Integrated and holistic healthcare clinic London

18/02/2022

Cancer drugs, evidence based medicine?

Cancer drugs, evidence based medicine?

 

When I read this article, published in The BMJ (http:/dx.doi.org/10.1136/bmj.j4528) on the 5th of October, the first thing that came to my mind was the part of the Hippocratic Oath that says “primum non nocere” ( first, do no harm). Well, it seems, that according to this article, some people have forgotten that very first promise they made when they once graduated.

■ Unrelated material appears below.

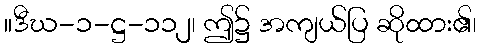
။ဒီဃ-၁-ဋ္ဌ-၁၁၂၊ ဤ၌ အကျယ်ပြ ဆိုထား၏၊

This study reveals how most new cancer drugs not only are failing to deliver any clinically meaningful evidence but also causing a great deal of appalling, even sometimes permanent, side effects.

Between 2008 and 2012 the USA Food and Drug Administration (FDA) approved most uses of cancer drugs without evidence of survival or improved quality of life (67%, 36/54). Among the approvals, only five (14%) were shown later to improve survival.

57% (39/68) of the cancer drugs approved by the European Medicines Agency (EMA) had no supporting better survival or quality of life evidence when they entered the market. Only six (after a median of 5.9 years) had been shown to improve survival or quality of life.

In addition, three facts that do not make look them better:

  1. when they do offer survival advantages, the gains are often marginal;
  2. the small benefits typically occur in trials conducted in unrepresentative patient populations, and
  3. many of the surrogate outcomes used for approval are poorly correlated with survival.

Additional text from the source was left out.